You can learn more about the series co-organised by the Departments of English and Modern Languages on their blog.

“We met at a party” Professional Children’s Publishing and the lady editor’

This was the title of a recent seminar given as part of the English Departments’s latest Archives & Text series which I attended with volunteers Kaye Gough and Ann Livingstone. Kaye is involved in a multitude of volunteering activities with MERL and the Special Collections. In this post she gives us her thoughts on a fascinating and lively seminar discussing the role of women in children’s publishing.

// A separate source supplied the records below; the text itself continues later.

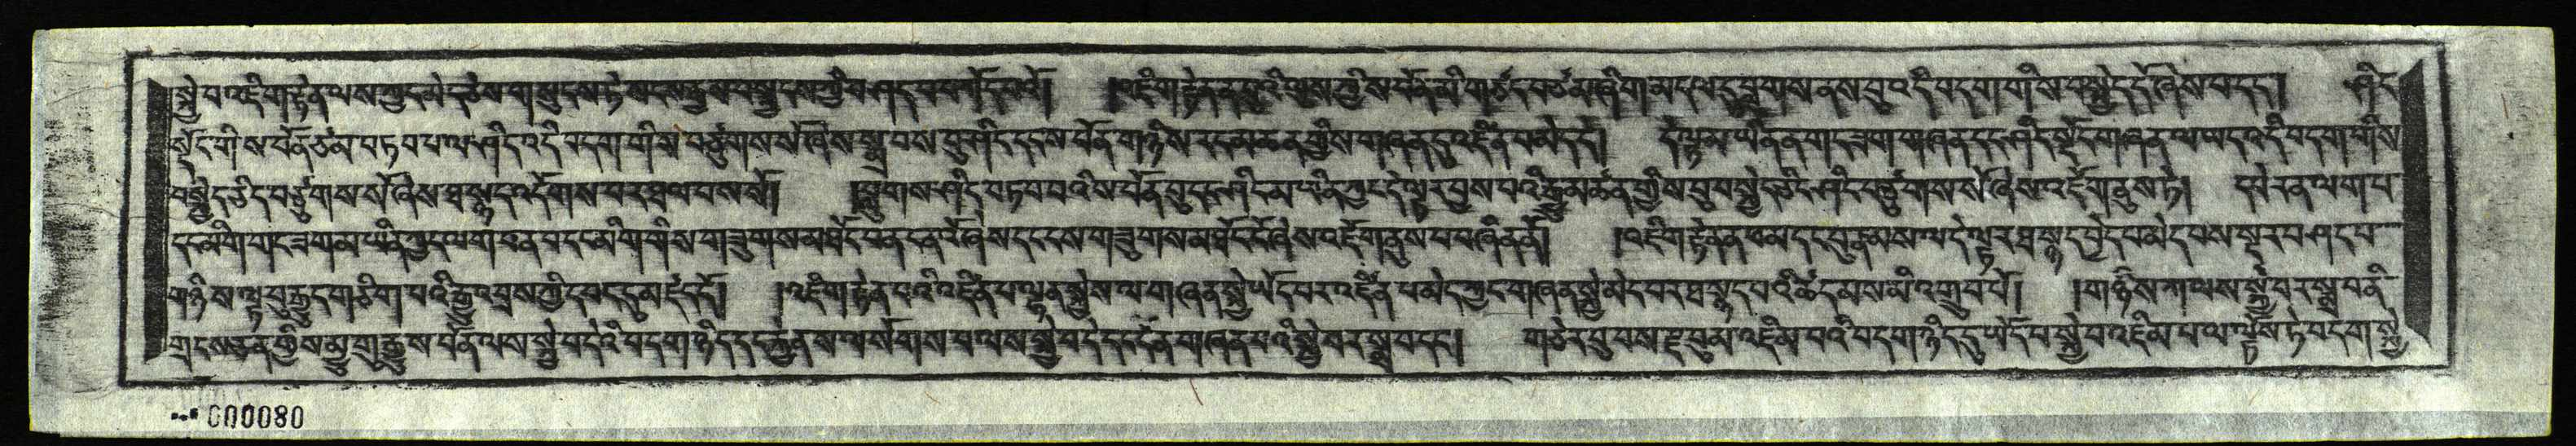སྐྱེ་བ་འཇིག་རྟེན་ལས་ཀྱང་མེད་ཅེས་གསུངས་ཏེ་སངས་རྒྱས་བསྐྱངས་ཀྱི་བཤད་པ་བཀོད་པའོ། །འཇིག་རྟེན་ན་བུའི་ལུས་ཀྱི་ས་བོན་མི་གཙད་པ་ཙམ་ཞིག་མངལ་དུ་བླུགས་ནས་བུ་འདི་བདག་གིས་བསྐྱེད་དོ་ཞེས་པ་དང་། ཤིང་
སྡོང་གི་ས་བོན་ཙམ་བཏབ་པ་ལ་ཤིང་འདི་བདག་གིས་བཙུགས་སོ་ཞེས་སྨྲ་བས་བུ་ཤིང་དང་ས་བོན་གཉིས་རང་མཚན་གྱིས་གཞན་དུ་འཛིན་པ་མེད་དོ། དེ་ལྟ་མ་ཡིན་ན་གང་ཟག་གཞན་དང་ཤིང་སྡོང་གཞན་ལ་ཡང་འདི་བདག་གིས་
བསྐྱེད་ཅིང་བཙུགས་སོ་ཞེས་ཐ་སྙད་འདོགས་པར་ཐལ་བས་སོ། །བླུགས་ཤིང་བཏབ་པའི་ས་བོན་བུ་དང་ཤིང་མ་ཡིན་ཀྱང་དེ་ལྟར་བྱས་པའི་རྒྱུ་མཚན་གྱིས་བུ་བསྐྱེད་ཅིང་ཤིང་བཙུགས་སོ་ཞེས་འཇོག་ནུས་ཏེ། དཔེར་ན་ལག་པ་
དང་མིག་གང་ཟག་མ་ཡིན་ཀྱང་ལག་པ་ན་བ་དང་མིག་གིས་གཟུགས་མཐོང་བ་ན་ང་ནའོ་ཞེས་དང་ངས་གཟུགས་མཐོང་ངོ་ཞེས་འཇོག་ནུས་པ་བཞིན་ནོ། །འཇིག་རྟེན་ན་ཕ་མ་དང་བུ་རྣམས་ལ་དེ་ལྟར་ཐ་སྙད་བྱེད་པ་མེད་པས་སྔར་བཤད་པ་
གཉིས་ལྟ་བུ་རྒྱུད་གཅིག་པའི་རྒྱུ་འབྲས་ཀྱི་དབང་དུ་མཛད་དོ། །འཇིག་རྟེན་པའི་འཛིན་པ་ལྷན་སྐྱེས་ལ་གཞན་སྐྱེ་ཡོད་པར་འཛིན་པ་མེད་ཀྱང་གཞན་སྐྱེ་མེད་པར་ཐ་སྙད་པའི་ཚད་མས་མི་འགྲུབ་པོ། །གཉིས་ཀ་ལས་སྐྱེ་བར་སྨྲ་བ་ནི་
གྲངས་ཅན་གྱིས་མྱུ་གུ་རྒྱུ་ས་བོན་ལས་སྐྱེ་བ་དེའི་བདག་ཉིད་དང་རྐྱེན་ས་ལ་སོགས་པ་ལས་སྐྱེ་བ་དེ་དང་དོན་གཞན་པའི་སྐྱེ་བར་སྨྲ་བ་དང་། གཅེར་བུ་པས་རྫ་བུམ་འཇིམ་པའི་བདག་ཉིད་དུ་ཡོད་པ་སྐྱེ་བ་འཇིམ་པ་ལ་ལྟོས་ཏེ་བདག་སྐྱེ་

This seminar was presented by Dr Lucy Pearson, Lecturer in Children’s Literature at the University of Newcastle, whose recent book ‘The Making of Modern Children’s Literature in Britain’ covers publishing and criticism in the 1960’s & 1970’s.  Lucy’s focus here was on the growing impact of the lady editor on published literature for children during the 1940’s to 1970’s and in particular that of Kaye Webb.

Kaye Webb image

In the early days many were viewed as ‘dessicated spinsters’; educated women working for pin money or in secretarial and administration roles helping to oil the wheels of the business, their actual contribution unrecognised. Then some professional women editors and authors, with prior media experience arrived on the scene such as Grace Hogarth and Eleanor Graham who began to introduce better quality children’s literature and to make a positive difference.  Despite the knowledge they brought to their positions and the impact they had, it is perhaps only in retrospect that their contribution to children’s publishing has been identified.  However, it was Kaye Webb, who implied that it was through social networking, ‘we met at a party’, that she obtained her job at Puffin.  In fact she was a talented woman who cleverly utilised her femininity and personality to achieve her aims.  Disguised underneath that facade there lurked a shrewd businesswoman with marketing flair who successfully launched the Puffin Club, introduced new authors and welcomed a whole generation of children to reading.

During this seminar, I reflected on how women’s job opportunities have improved since that time. When in the late 1960’s I joined the hotel  and travel industry there were no female sales managers, chefs or hotel managers and a secretarial or administrative role was generally the only way into the business. We were only expected to be support staff to the management i.e. Men! Educated to be either teachers and nurses or simply secretaries or dare I say – housewives!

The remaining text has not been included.